В Бресте, уже не при жизни Ушакова, я с хорошим чувством купил его избранное. Нет у меня автографа на этой книге, как нет также ни одного автографа Коласа, Тычины, однако уважение и любовь к ним, уже и с Ушаковым, и с другими настоящими, от этого не меньше. Книга Николая Николаевича тепло напоминает мне и ту улыбку его в осенне-солнечном Ереване, и светлое, апрельское утро в Киеве, когда мы со Стрельцовым шли себе, просто счастливо шли по улице и, будто в довершение нашей «беспричинной» радости, встретили Ушакова. Я поздоровался с ним, сказал ему несколько искренне дружелюбных слов, представил Михася, и все мы — каждый по-своему — приняли ту радость обычной и случайной встречи.

И вот я их помню, те улыбки старших, и мне даже мало этого, поэтому и захотелось записать.


***

Кончил читать начатый в Вильнюсе второй роман Пятраса Цвирки, «Мастер и сыновья». Еще только начиная, смеясь говорил Оскоцкому:

— Он моих «Байдунов» не читал, я его «Мастера» тоже, а вот же сходное есть!..

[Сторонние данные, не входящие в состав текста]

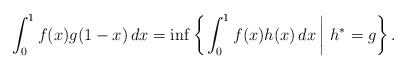
LaTeX: \begin{align*}\int^1_0 f(x) g(1-x) \, dx = \inf\left\{ \left. \int^1_0 f(x) h(x)\, dx \, \right| \, h^* = g \right\}.\end{align*}
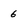
Character: 6
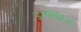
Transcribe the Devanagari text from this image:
इम्पेरेटिव
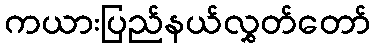
ကယားပြည်နယ်လွှတ်တော်
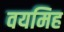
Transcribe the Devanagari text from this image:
वयमिह
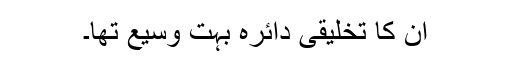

А теперь добавлю: особенно много сходного в образах его Кризаса, портного-весельчака, «Скворушки», и моих портных, тоже горбатых и мудрых, по-народному веселых, списанных с одного моего дяди Наума, правда, показанных менее интеллигентными, менее революционными, чем Кризас.

Солнце на кладбище Росса, цветы и люди, объединенные одним чувством. Встреча с друзьями старыми (Жукаускас, Ванаг) и знакомства с новыми. Выступление — от мысли, что вызрела дома, через волнение — к успеху.

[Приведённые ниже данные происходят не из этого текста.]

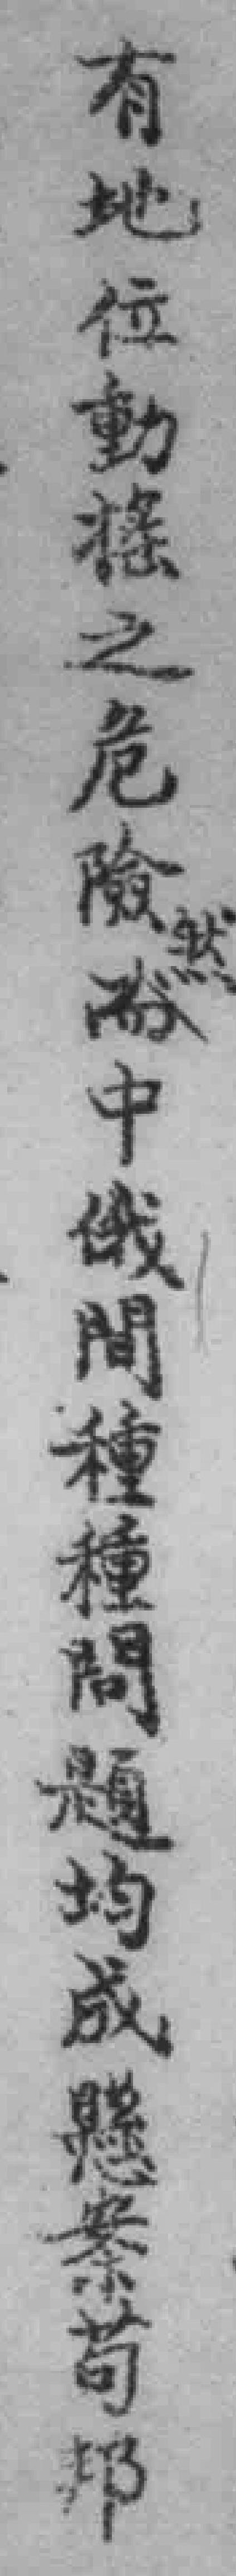
有地位動搖之危險而中俄間種種問題均成懸案苟邦

«Юридическое обоснование». Роман «Мастер и сыновья» впервые переведен на русский язык и издан в 1968 году, когда я уже написал порядочно о своих Кризасах. А Цвирку, оказывается, упрекали в подражании «Кола Брюньону»... Общая любовь, общая цель, на общий наш человеческий стол.

Что же, доболеем Цвиркой до конца,— вчера сын принес мне из библиотеки «Франка Крука». Кто-нибудь может сказать: для двух выступлений — в Вильнюсе и в Москве — такая подготовка? Я сам у себя спрашиваю: этой привычной учебой своей, пожизненной — к чему ты готовишься? Да просто иначе не умею, не могу. И уже основательно и не первый раз убеждаюсь, что это пригодится, что это — нужно.


***

Кажется, скоро закончу слово о Мележе, хотя бы в первоначальном виде. Дошел до двух посмертных публикаций, съездовской речи и «Парсючка» и остановился: надо продумать, настроиться.

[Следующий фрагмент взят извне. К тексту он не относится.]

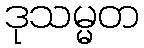
ဒုသမ္မတ
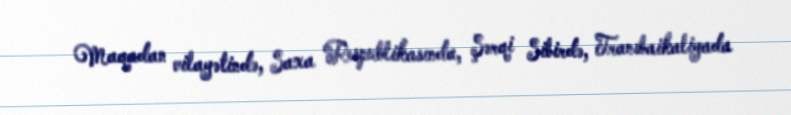
Maqadan vilayətində, Saxa Respublikasında, Şərqi Sibirdə, Transbaikaliyada

Из записей более чем трехмесячной давности, когда перечитывал «Минское направление»:

1. Налицо профессионализм, опытная рука, однако же и оживлять кое-где схему наново — очень нелегко.

2. Не все то, что нужно автору и роману, читается интересно, хотя бы с неким легким волнением, а если уж что читается — значит, оно нужно в настоящем значении этого слова.

3. Трудолюбивый, упорный, однако если бы не нашел своего — ничего не помогло бы. А с «Людьми на болоте» — счастливое сочетание: своя, заветная тема плюс трудолюбие, упорство, культура.

4. То, что мы, молодые писатели, когда-то, в сороковых — пятидесятых годах, читали друг друга в рукописях, а потом обсуждали коллективно, было и хорошо, и плохо. Хорошо — помощью другу, а плохо — подгонкой еще одной вещи под тогдашний стандарт.